While CDK phosphorylation of EZH2 at T350 augments EZH2-mediated H3K27me3 in proliferating cells,25,26 EZH2 is also functional in resting cells.31 Activation of p38α in differentiating muscle satellite cells promotes cell cycle arrest and inhibits proliferation.31 Concordance with the essential role of CDKs in activation of EZH2 in cells,25 many muscle genes that are PRC2 targets are expectedly derepressed in non-proliferating myotubes.31 However, activation of p38 signaling seems to specifically direct PRC2 to repress genes that are typically downregulated during muscle differentiation, such as Pax7.31 This effect of p38 is mediated by p38 phosphorylation of EZH2 at T372 and by T372 phosphorylationenhanced interaction of PRC2 and YY1.31 While activation of most PRC2 target genes inhibits cell proliferation, expression of Pax7 is important for satellite cell proliferation,31 suggesting that Pax7 is a ‘noncanonical’ PRC2 target gene. In line with this observation, YY1, which is required for p38-mediated repression of Pax7,31 is not a general recruiter of PRC2 because there is only limited overlap of YY1 and PRC2 in mouse embryonic stem cell chromatin.35 Based on these findings, we hypothesize that in proliferating cells, CDK1 and CDK2 phosphorylates EZH2, which facilitates the interaction of PRC2 with ‘common’ recruiters such as ncRNAs and promotes H3K27me3 in the promoters of canonical PRC2 target loci. Upon cell cycle exit at certain stages of development such as in terminal differentiated muscles, CDK-mediated phosphorylation of EZH2 at T350 declines, which may trigger the disassociation of PRC2 from ncRNAs and thereby dismiss PRC2 from their canonical target loci. In contrast, environment cues from adult tissues produce tissue-specific signaling, such as activation of p38 in muscle cells. Phosphorylation of EZH2 at T372 due to p38 activation triggers the binding of PRC2 to the gene-specific recruiter YY1, thereby promoting context-dependent gene silencing in non-dividing cells.

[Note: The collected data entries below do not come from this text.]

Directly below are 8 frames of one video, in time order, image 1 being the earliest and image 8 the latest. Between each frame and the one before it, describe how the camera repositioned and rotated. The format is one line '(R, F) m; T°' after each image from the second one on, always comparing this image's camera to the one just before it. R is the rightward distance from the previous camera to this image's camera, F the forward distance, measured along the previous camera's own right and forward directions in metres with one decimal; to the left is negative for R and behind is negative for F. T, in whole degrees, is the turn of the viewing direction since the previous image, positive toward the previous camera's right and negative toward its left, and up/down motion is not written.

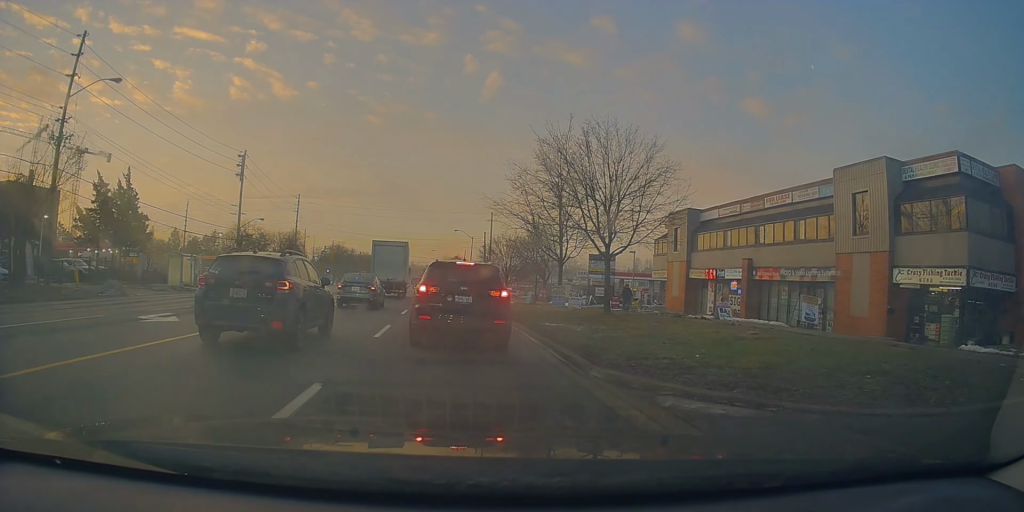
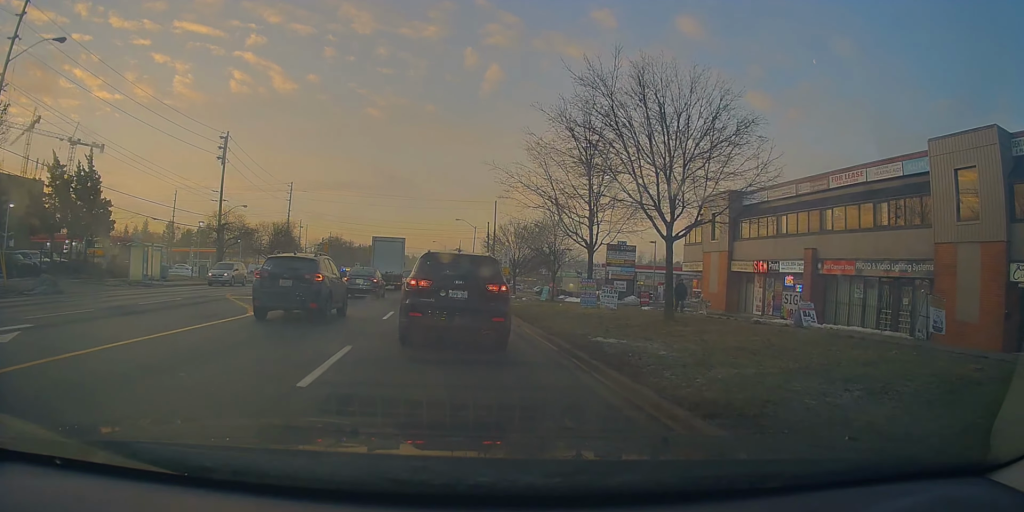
(0.0, +5.6) m; +4°
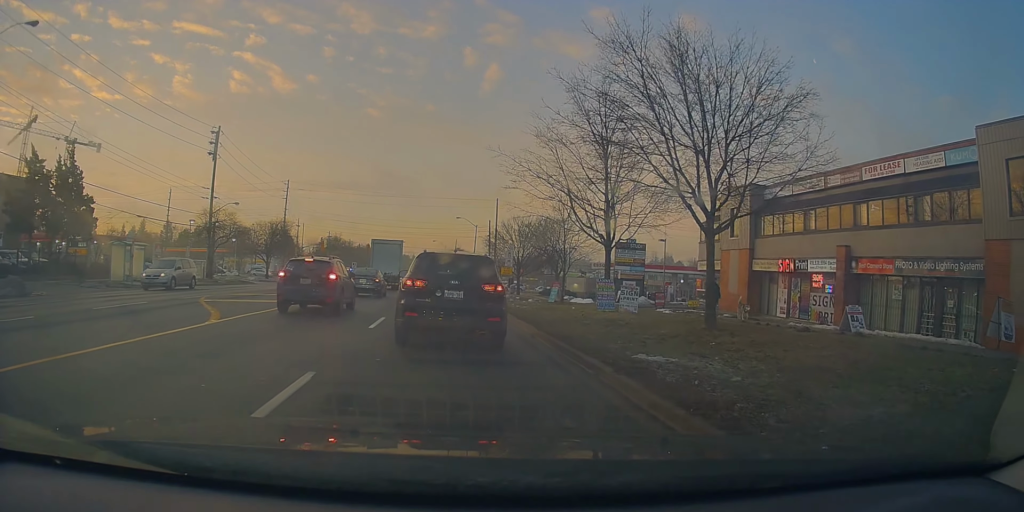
(+0.2, +2.8) m; 0°
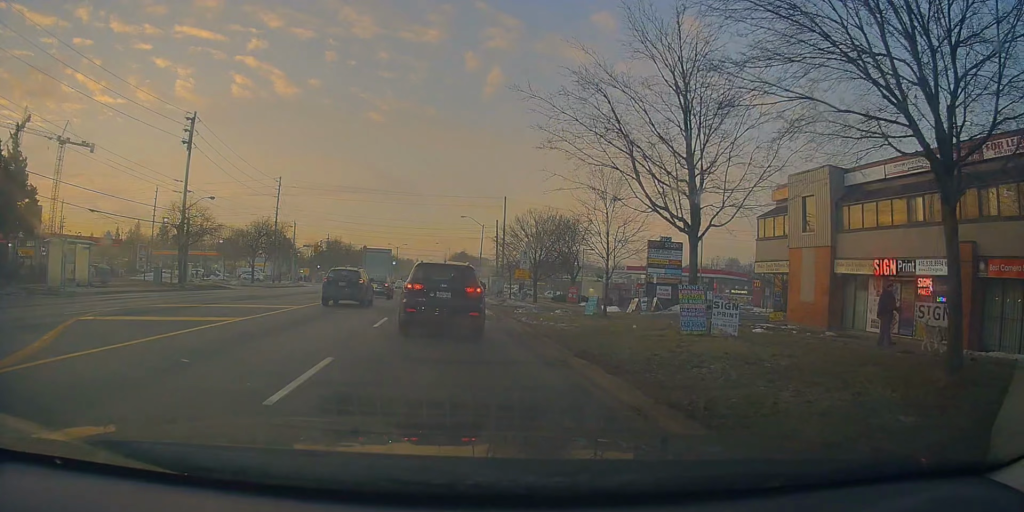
(-0.5, +7.7) m; -4°
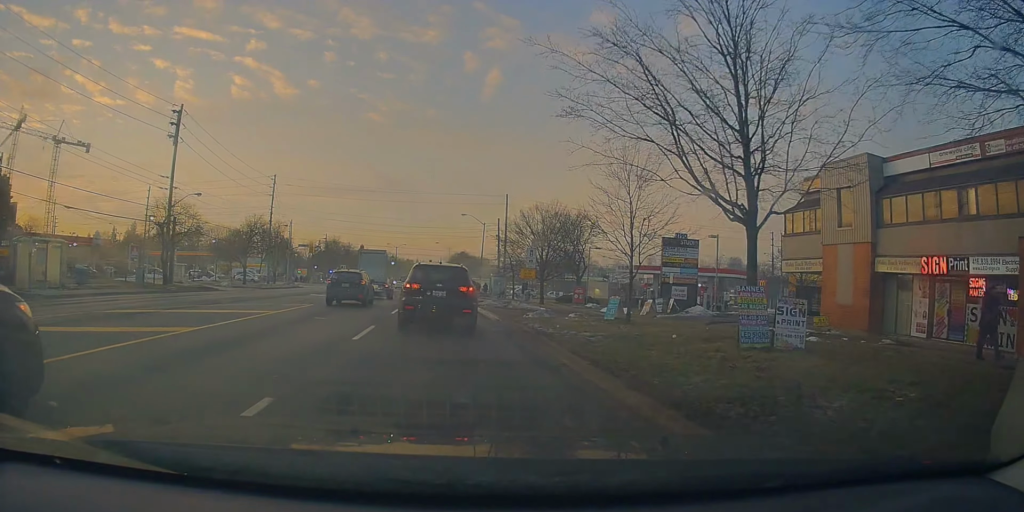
(0.0, +2.6) m; +1°
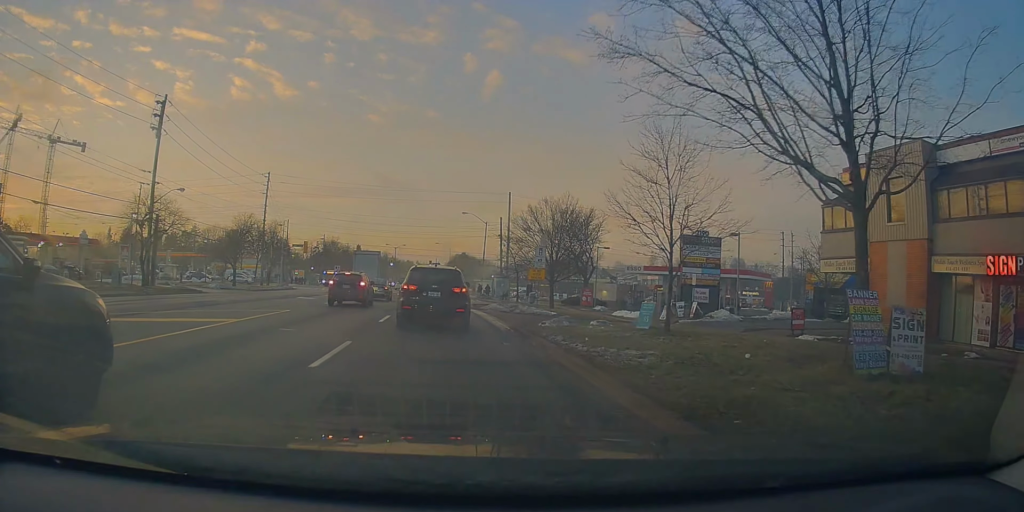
(+0.1, +3.3) m; +1°
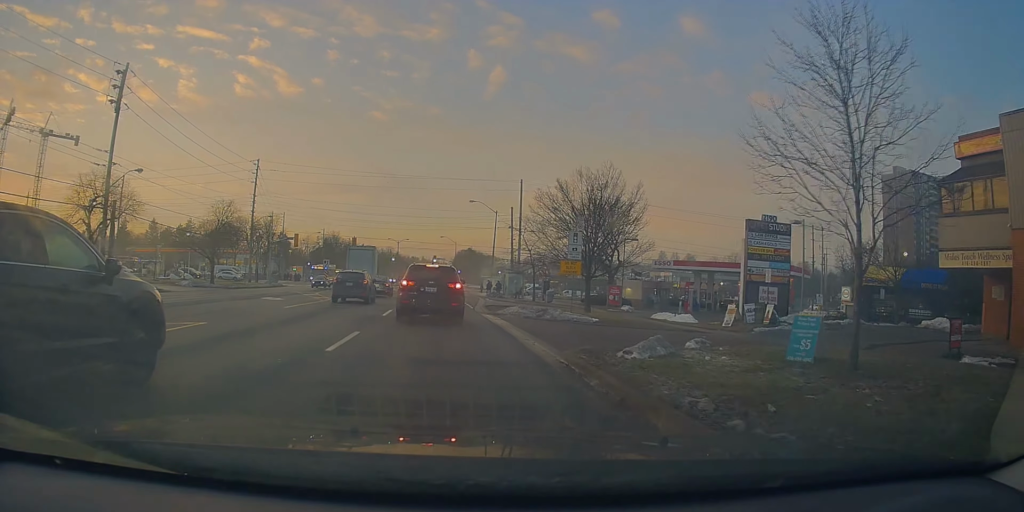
(0.0, +7.1) m; 0°
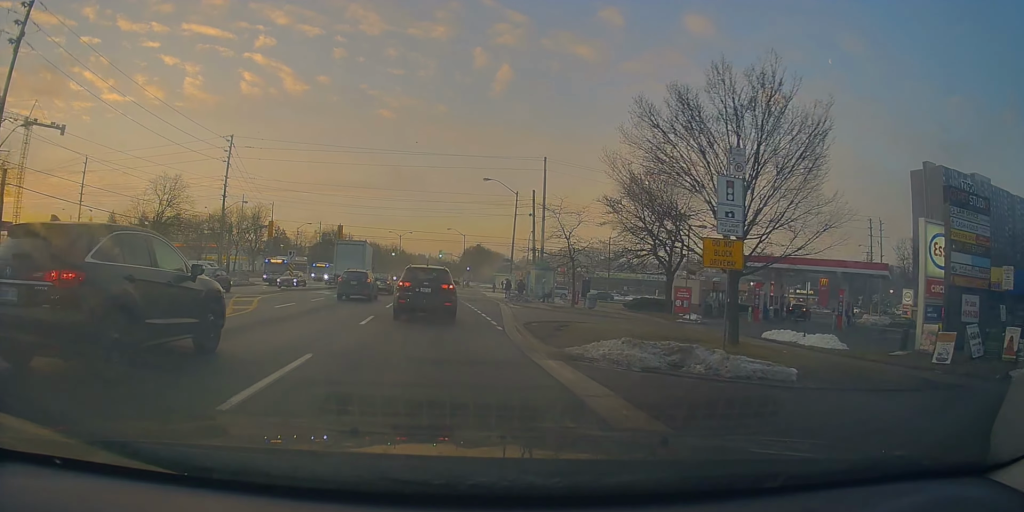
(-0.2, +13.4) m; -3°
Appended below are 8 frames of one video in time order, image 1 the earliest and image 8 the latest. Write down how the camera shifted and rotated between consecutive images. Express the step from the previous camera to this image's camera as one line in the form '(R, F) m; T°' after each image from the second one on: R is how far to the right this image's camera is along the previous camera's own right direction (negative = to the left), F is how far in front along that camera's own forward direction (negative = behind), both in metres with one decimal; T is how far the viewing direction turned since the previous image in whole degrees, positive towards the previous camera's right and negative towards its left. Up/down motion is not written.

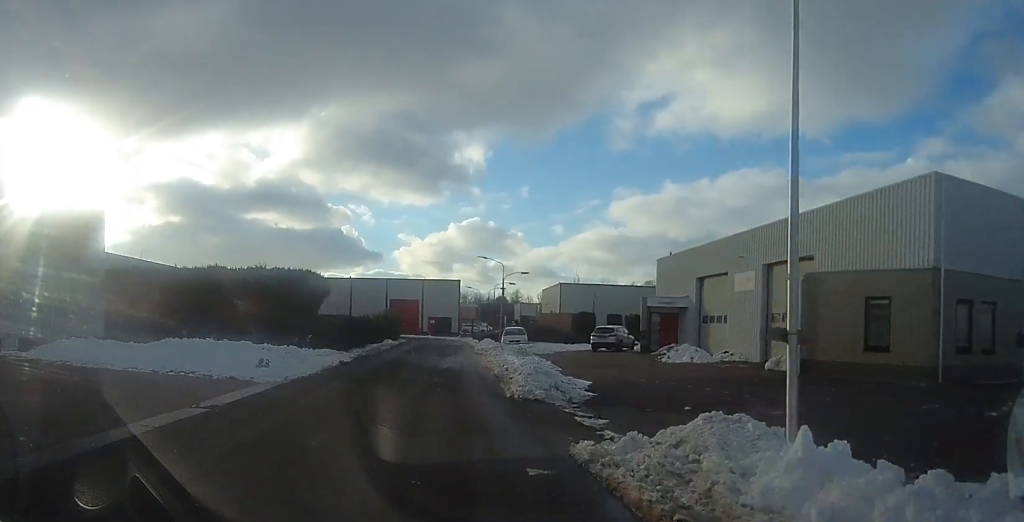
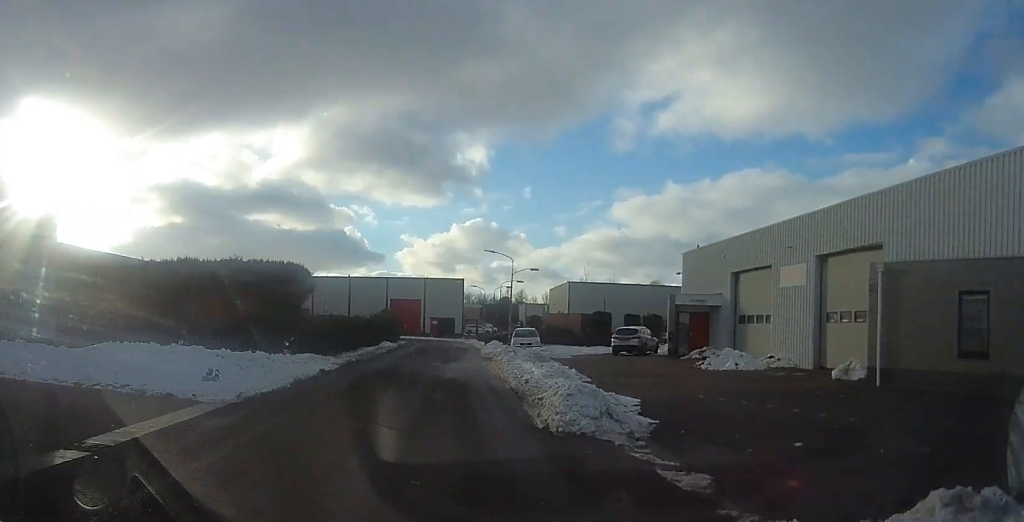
(+0.5, +3.8) m; +2°
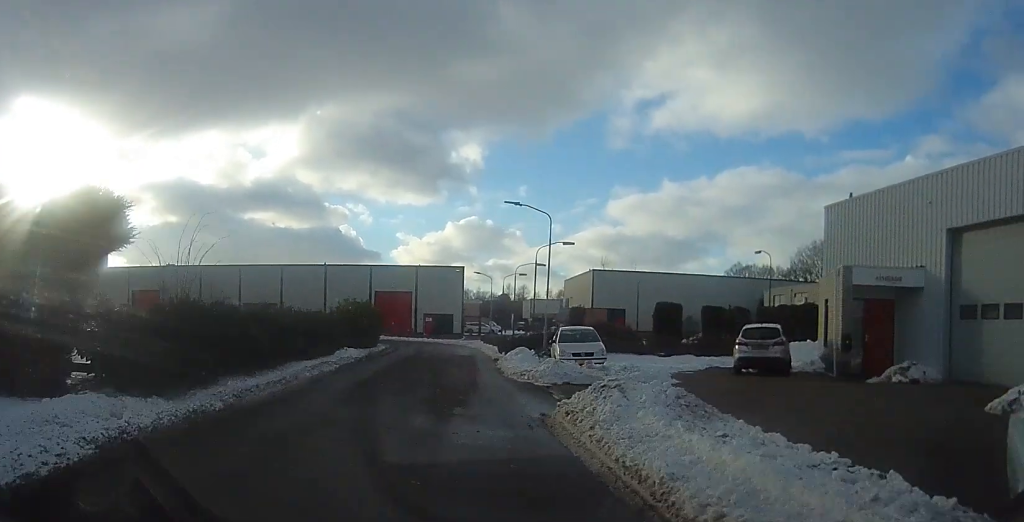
(-0.9, +14.0) m; -2°
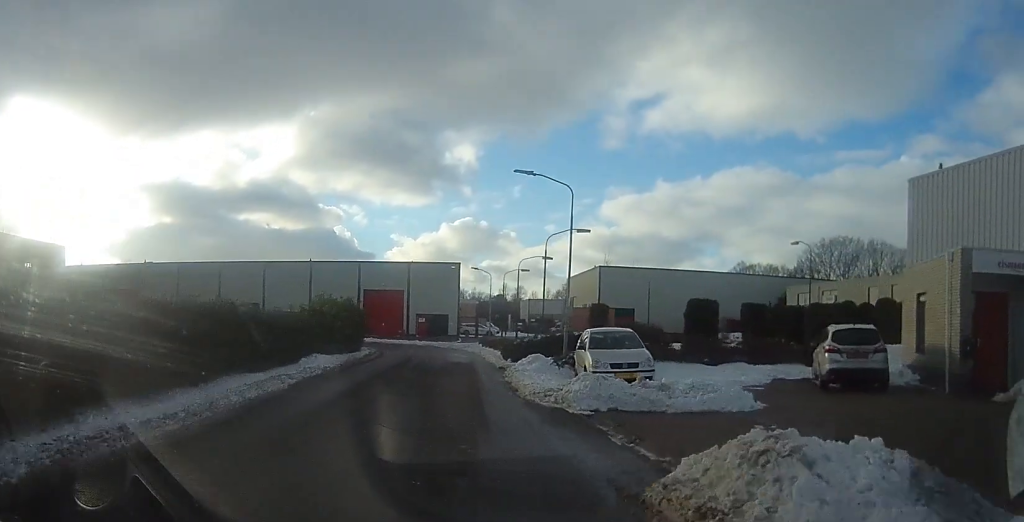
(0.0, +4.9) m; +3°
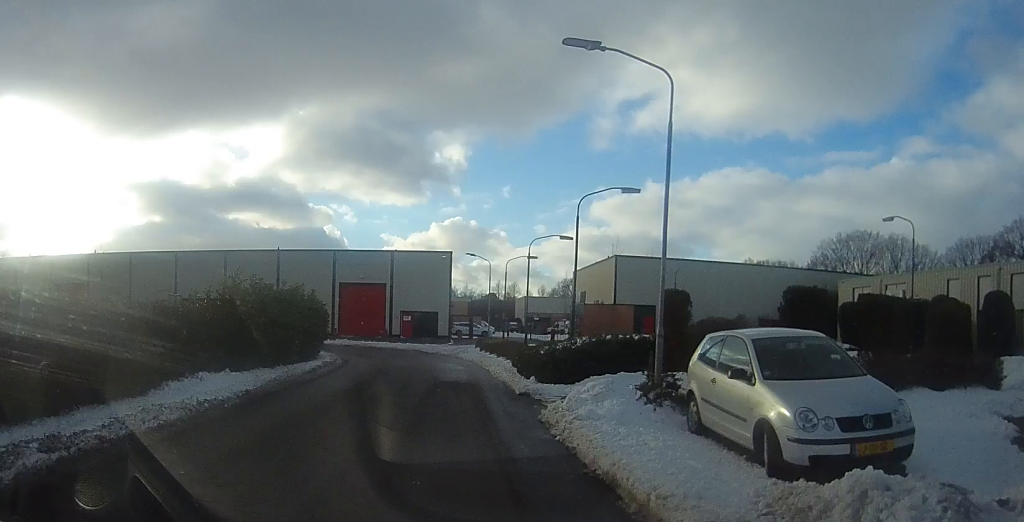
(+0.6, +8.7) m; +2°
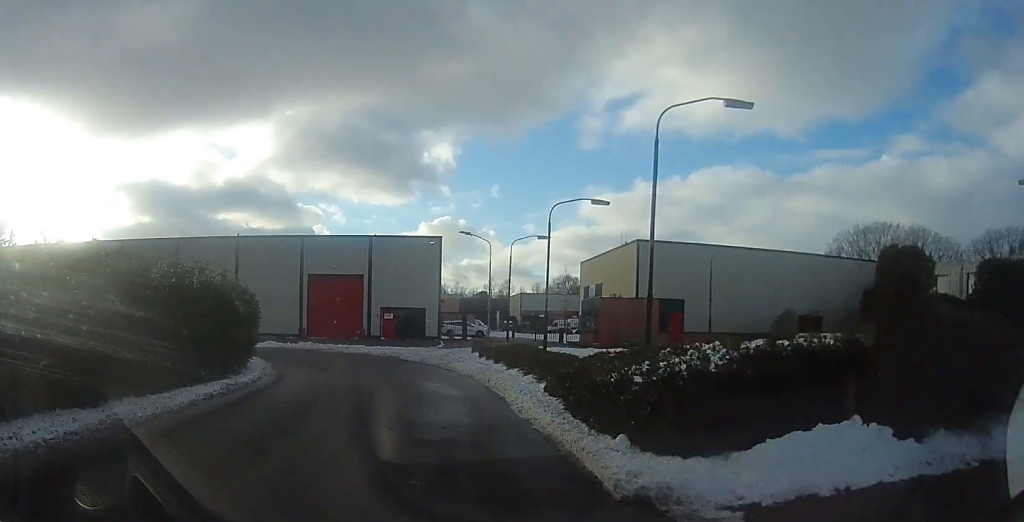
(-0.5, +8.4) m; -7°
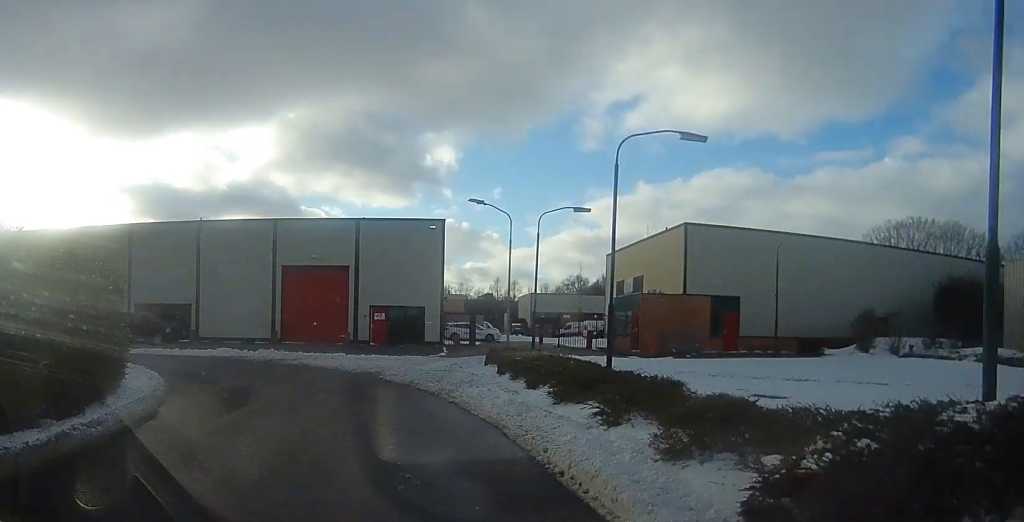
(-0.3, +8.1) m; +3°
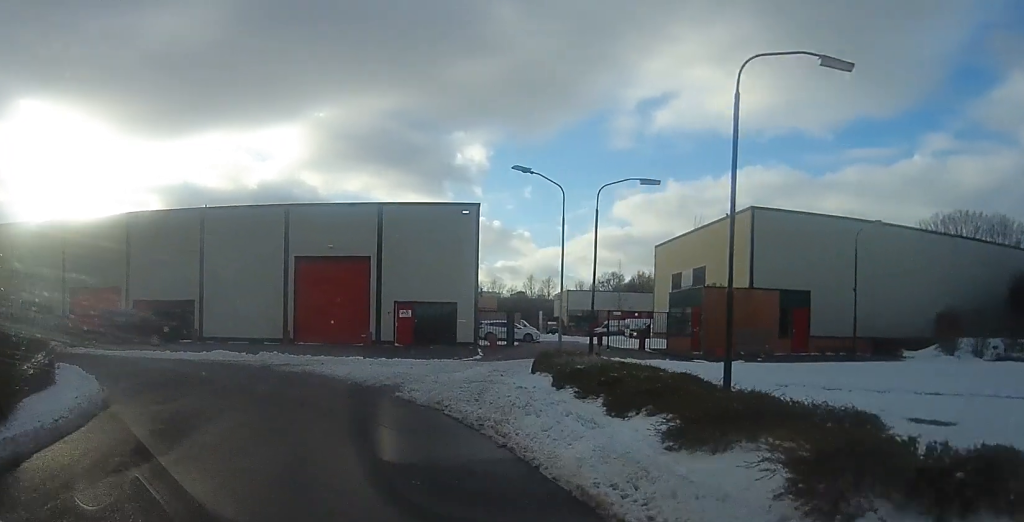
(+0.3, +4.4) m; -2°

In summary, recent findings from us and others demonstrate that EZH2 is phosphorylated at the T350 residue by CDK1 and CDK2. T350 phosphorylation is required for the effective binding of EZH2 to PRC2 target loci in cells. Accordingly, EZH2 is phosphorylated at T350 during S and G2/M phases of the cell cycle where CDK1 and CDK2 are highly activated. Thus, CDK phosphorylation of EZH2 at T350 represents a mechanism that augments EZH2 function during S and G2 phases of the cell cycle. This mechanism may play a role in preservation of cell identity by maintaining H3K27me3 marks through cell divisions.
This work is supported by funds from NIH (CA134514) and Stony Brook University School of Medicine.